→ What is needed: Would you restate every entry that follows, word for word, and leave out the pictures?
--- Provided records Enclosed Below ---
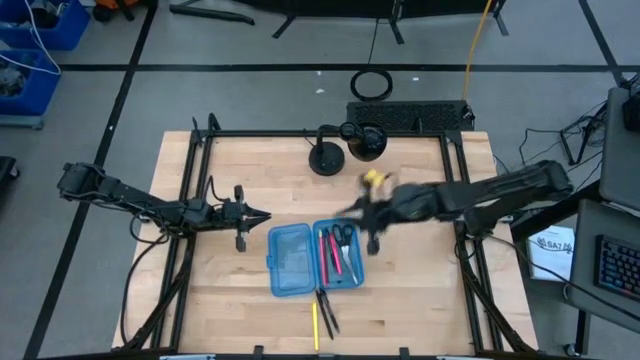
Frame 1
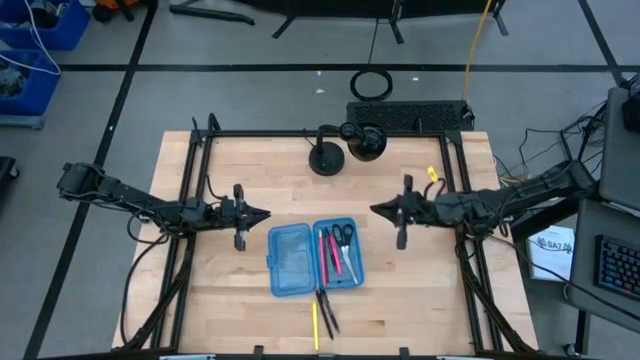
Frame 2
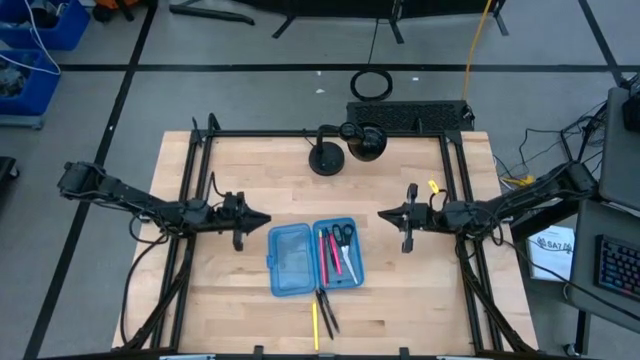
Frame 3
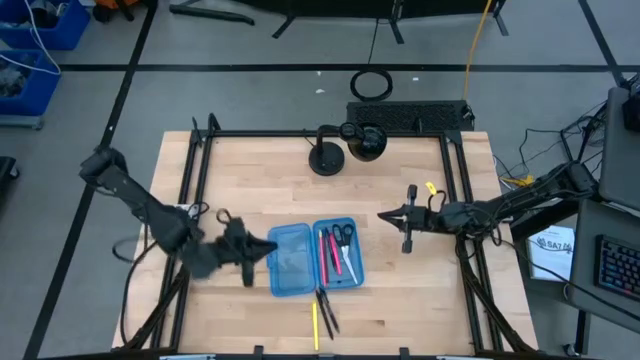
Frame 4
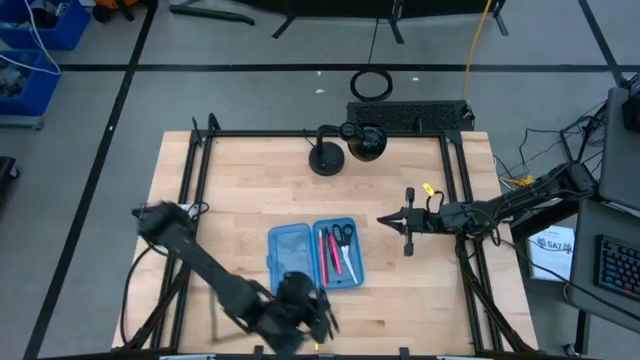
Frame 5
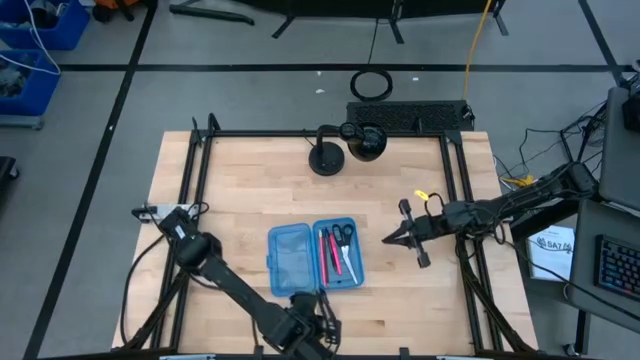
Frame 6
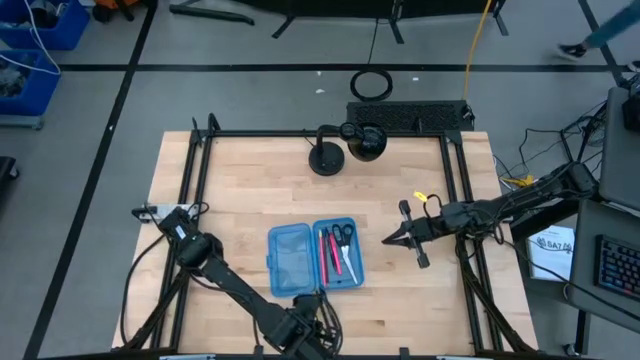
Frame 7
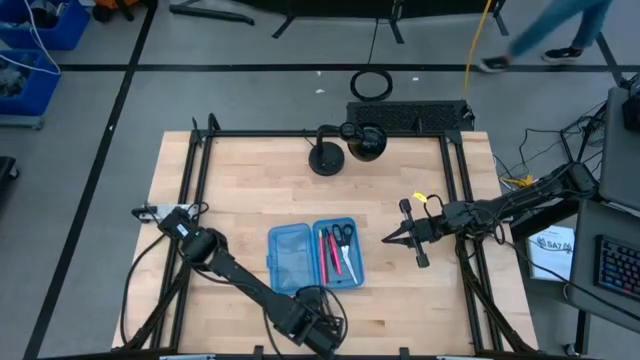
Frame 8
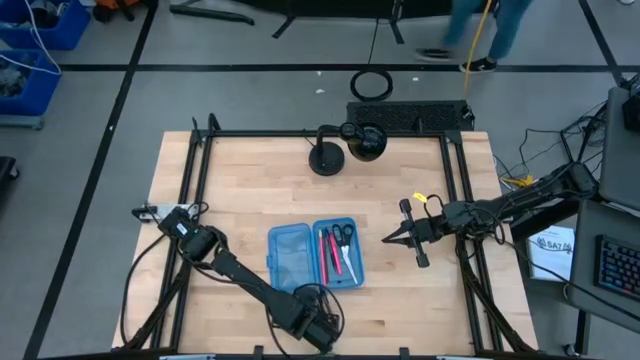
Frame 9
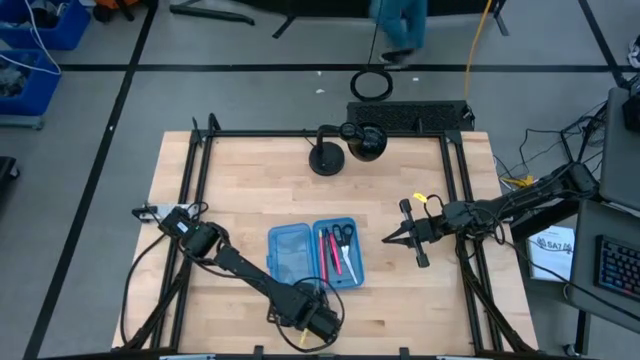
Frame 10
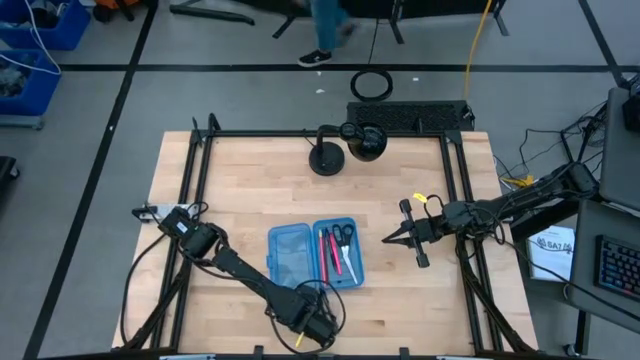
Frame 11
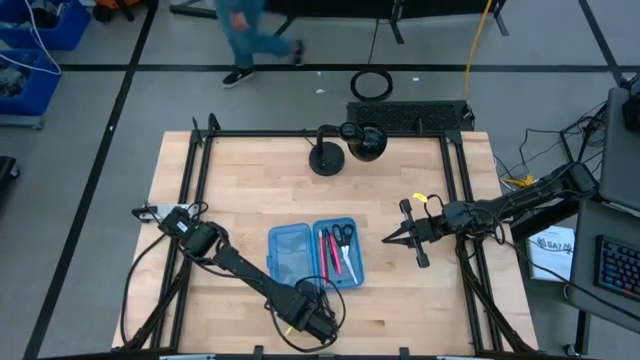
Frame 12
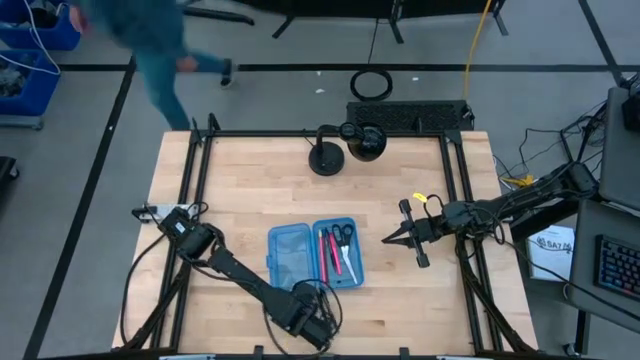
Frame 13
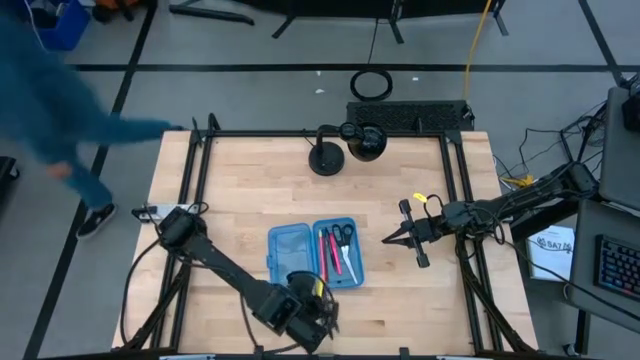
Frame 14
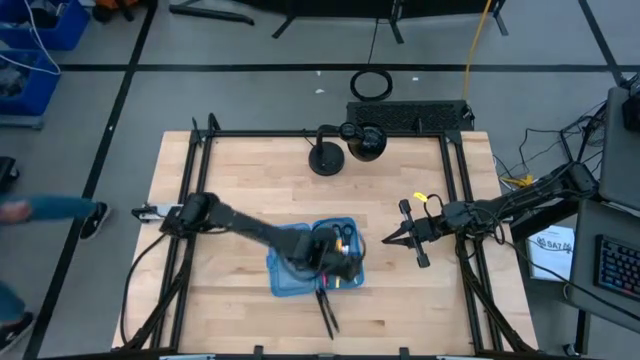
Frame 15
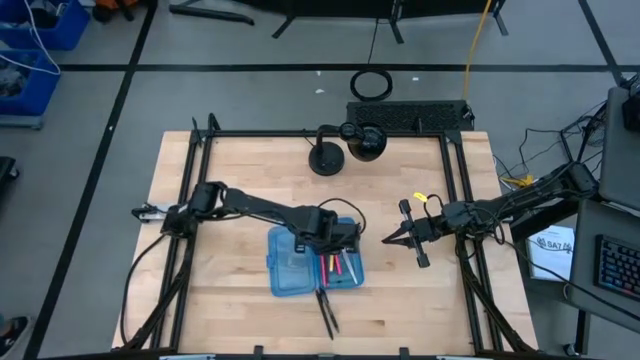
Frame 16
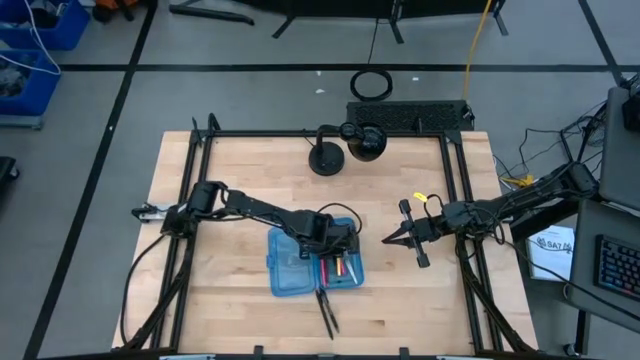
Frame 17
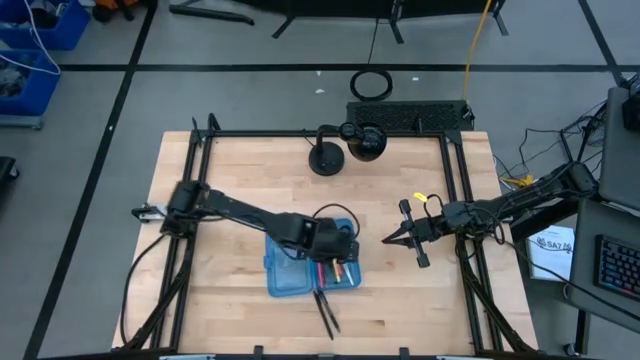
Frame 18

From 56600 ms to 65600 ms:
Task: Pick & place school supplies into a supply box
Put the yellow pen into the blue supply box
--- End of Enclosed Provided records ---
→ Answer section:
Frame 1
Frame 2
Frame 3
Frame 4
Frame 5
Frame 6
Frame 7
Frame 8
Frame 9
Frame 10
Frame 11
Frame 12
Frame 13
Frame 14
Frame 15
Frame 16
Frame 17
Frame 18

From 56600 ms to 65600 ms:
Task: Pick & place school supplies into a supply box
Put the yellow pen into the blue supply box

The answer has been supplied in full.